First, they tested two extreme scenarios of very low and very high protein consumption in a small human cohort by feeding the participants isocaloric liquid meals that contained either 10% or 50% protein. Ingesting a high-protein meal but not a low-protein meal increased the levels of amino acids in the blood and mTORC1 signaling while suppressing autophagy in monocytes, which macrophages differentiate from.
The researchers then switched to a more real-life scenario, in which one meal contained 15% protein, which is representative of the average protein intake in the general population, and the other contained 22% protein. Despite the seemingly small difference, only the 22% meal increased circulating amino acid levels and decreased autophagy markers.
When the researchers drilled down to particular amino acids, leucine emerged as the most powerful mTORC1 activator by far. High leucine levels also caused a decline in mitochondrial health and increased apoptosis (cellular death) in macrophages.

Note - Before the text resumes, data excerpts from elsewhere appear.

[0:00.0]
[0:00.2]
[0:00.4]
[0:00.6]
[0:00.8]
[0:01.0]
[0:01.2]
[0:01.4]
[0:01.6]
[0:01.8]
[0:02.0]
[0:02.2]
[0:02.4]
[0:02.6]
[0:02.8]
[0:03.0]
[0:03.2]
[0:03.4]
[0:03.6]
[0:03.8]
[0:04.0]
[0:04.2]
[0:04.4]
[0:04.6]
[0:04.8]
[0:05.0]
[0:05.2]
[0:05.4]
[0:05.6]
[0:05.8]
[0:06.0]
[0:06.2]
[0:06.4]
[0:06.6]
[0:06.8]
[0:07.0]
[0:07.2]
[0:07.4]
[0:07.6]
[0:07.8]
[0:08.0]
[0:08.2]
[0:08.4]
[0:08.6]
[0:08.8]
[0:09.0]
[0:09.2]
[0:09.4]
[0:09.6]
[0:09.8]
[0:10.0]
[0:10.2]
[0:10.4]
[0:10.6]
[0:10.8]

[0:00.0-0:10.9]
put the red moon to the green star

Switching to mice and feeding them several test diets, the researchers were able to confirm that leucine was almost single-handedly responsible for mTORC1 activation in macrophages and its harmful downstream effects. Mice fed an analog of a high-protein Western diet showed markedly more atherosclerotic lesions despite staying leaner than those fed low- and medium-protein diets.
Consider the amino acids
Leucine is abundant in animal protein, which might be one of the reasons why, according to some research, plant protein is healthier. These results suggest that there are more things to consider in protein consumption than muscle mass, however important that might be. Instead, fine-tuning protein intake with particular amino acids in mind appears to be a good strategy, as recent research has also shown methionine [4] and isoleucine restriction increasing healthspan and lifespan in animal models.
“Our study shows that dialing up your protein intake in pursuit of better metabolic health is not a panacea. You could be doing real damage to your arteries,” said Babak Razani, professor of cardiology at the University of Pittsburgh and a senior author of the study. “Our hope is that this research starts a conversation about ways of modifying diets in a precise manner that can influence body function at a molecular level and dampen disease risks.”

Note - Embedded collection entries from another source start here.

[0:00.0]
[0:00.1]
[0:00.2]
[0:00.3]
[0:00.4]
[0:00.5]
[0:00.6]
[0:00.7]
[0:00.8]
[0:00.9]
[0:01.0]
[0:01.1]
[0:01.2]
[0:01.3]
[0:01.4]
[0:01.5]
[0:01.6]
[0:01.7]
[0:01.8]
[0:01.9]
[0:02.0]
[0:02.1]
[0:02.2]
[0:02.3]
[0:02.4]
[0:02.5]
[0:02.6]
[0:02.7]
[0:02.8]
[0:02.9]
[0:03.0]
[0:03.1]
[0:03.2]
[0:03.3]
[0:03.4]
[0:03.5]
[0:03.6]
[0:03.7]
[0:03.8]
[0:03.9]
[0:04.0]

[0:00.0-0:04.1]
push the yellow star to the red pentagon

In conclusion, our work has uncovered a mechanism by which high protein intake, through an increase in plasma leucine, causes mTORC1-mediated inhibition of monocyte/macrophage autophagy and subsequent atherogenesis. This has important clinical and public health implications because protein intake at any level above the minimum recommended daily intake of 0.8 g/kg/d is considered acceptable and safe and has become popular; however, the results from our studies suggest that high protein intake should be considered with caution.
Literature
[1] Zhang, X., Kapoor, D., Jeong, S. J., Fappi, A., Stitham, J., Shabrish, V., … & Razani, B. (2024). Identification of a leucine-mediated threshold effect governing macrophage mTOR signalling and cardiovascular risk. Nature Metabolism, 6(2), 359-377.
[2] Babygirija, R., & Lamming, D. W. (2021). The regulation of healthspan and lifespan by dietary amino acids. Translational medicine of aging, 5, 17-30.

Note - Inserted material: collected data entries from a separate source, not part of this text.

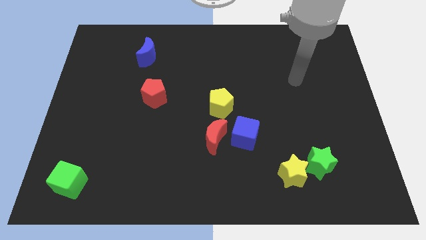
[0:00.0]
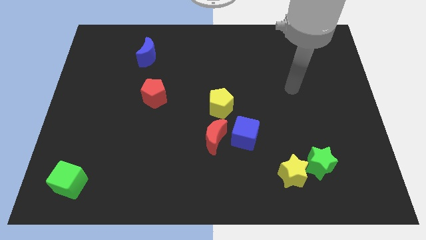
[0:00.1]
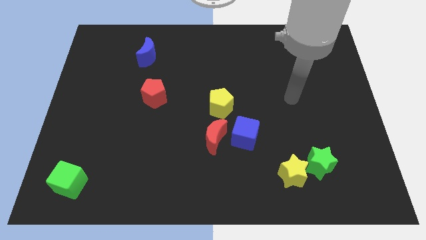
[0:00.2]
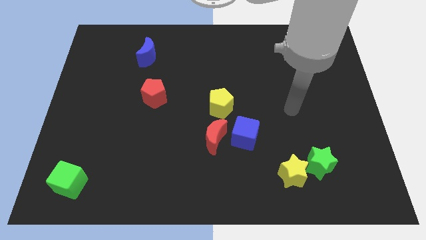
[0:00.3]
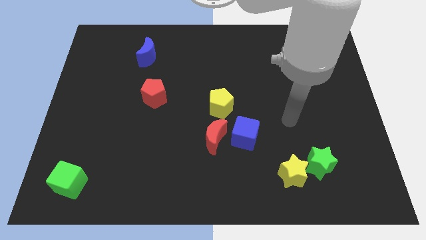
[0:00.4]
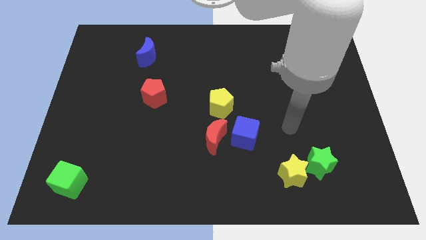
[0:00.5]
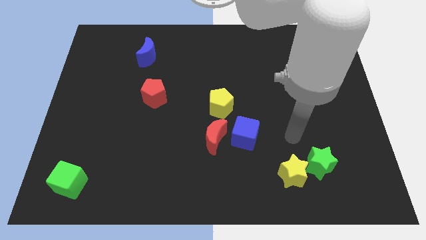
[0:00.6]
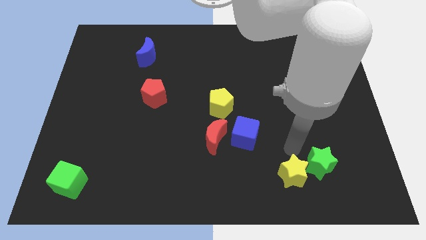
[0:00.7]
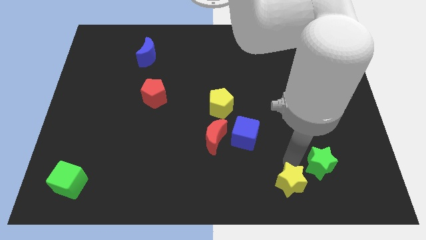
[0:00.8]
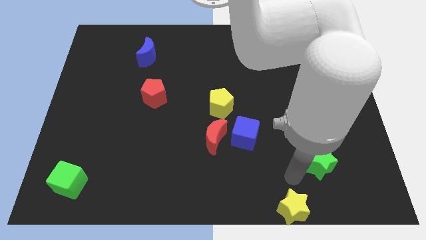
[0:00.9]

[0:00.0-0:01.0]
move the green star away from the yellow star

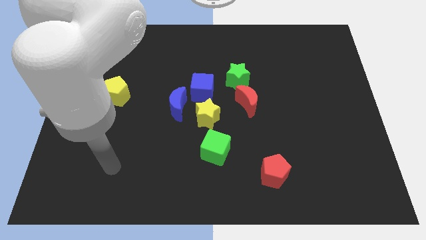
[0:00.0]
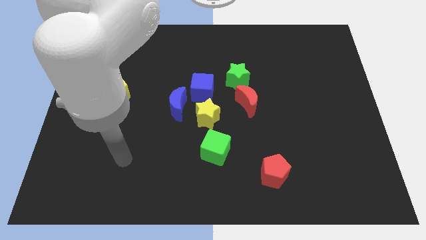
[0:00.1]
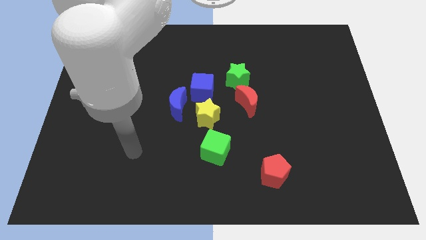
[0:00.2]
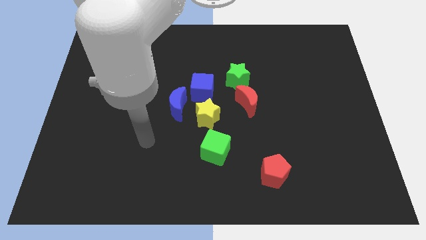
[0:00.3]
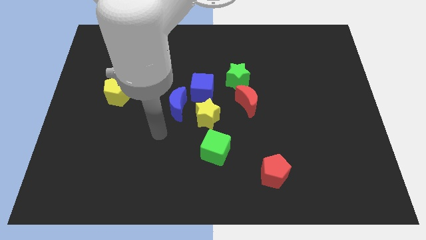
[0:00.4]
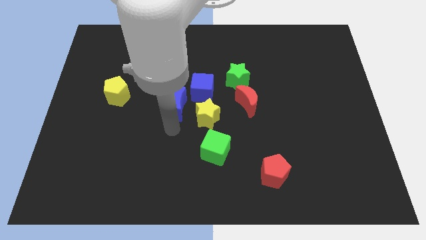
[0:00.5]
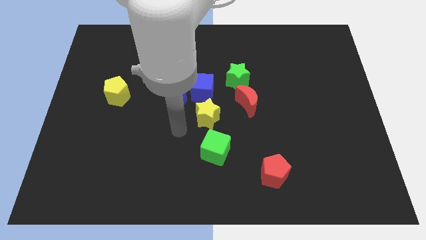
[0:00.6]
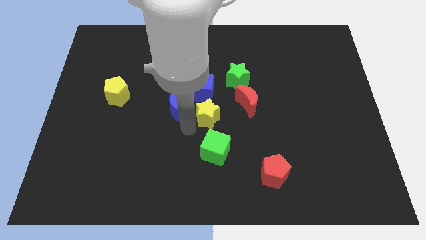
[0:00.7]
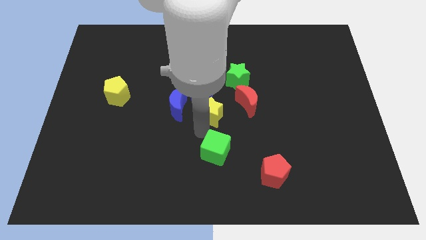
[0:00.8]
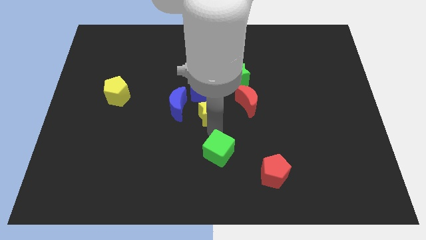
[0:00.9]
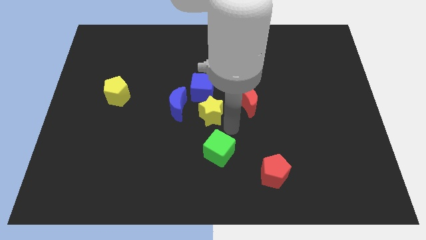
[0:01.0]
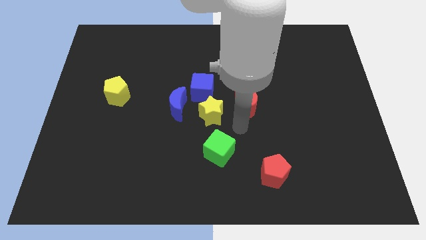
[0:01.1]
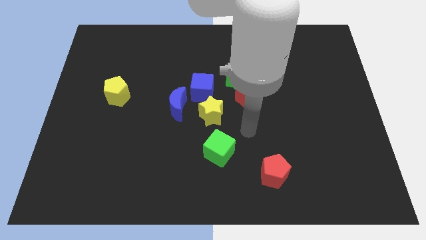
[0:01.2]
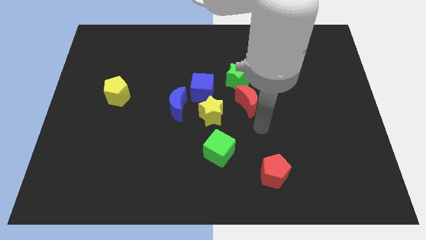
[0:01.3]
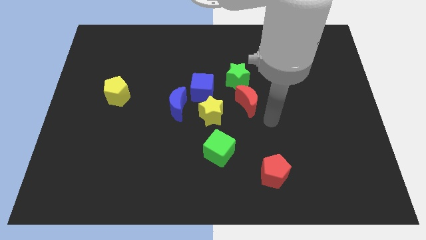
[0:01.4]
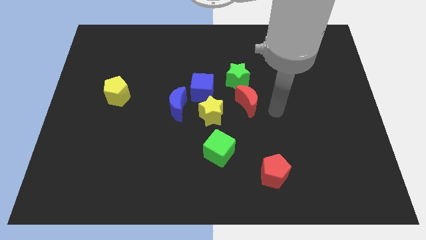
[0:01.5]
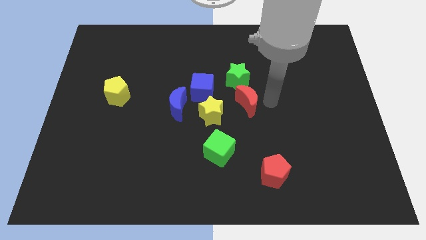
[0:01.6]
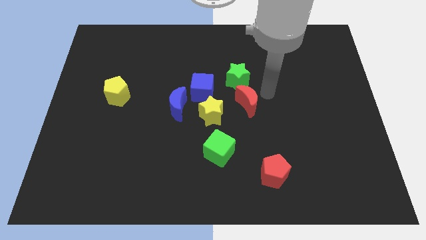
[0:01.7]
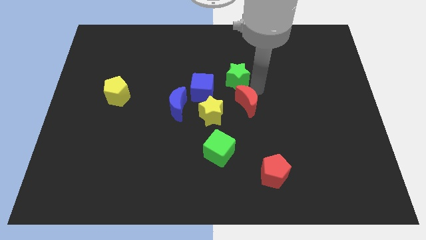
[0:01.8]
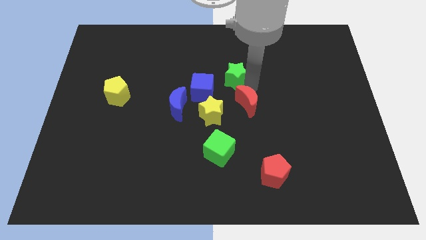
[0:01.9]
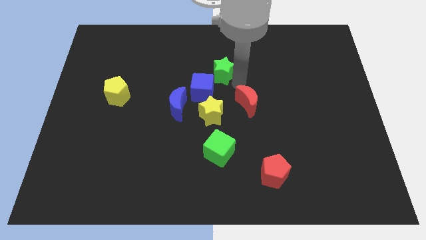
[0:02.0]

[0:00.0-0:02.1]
pull the red moon apart from the green star

[3] Zhang, X., Sergin, I., Evans, T. D., Jeong, S. J., Rodriguez-Velez, A., Kapoor, D., … & Razani, B. (2020). High-protein diets increase cardiovascular risk by activating macrophage mTOR to suppress mitophagy. Nature metabolism, 2(1), 110-125.
[4] Parkhitko, A. A., Wang, L., Filine, E., Jouandin, P., Leshchiner, D., Binari, R., … & Perrimon, N. (2021). A genetic model of methionine restriction extends Drosophila health-and lifespan. Proceedings of the National Academy of Sciences, 118(40), e2110387118.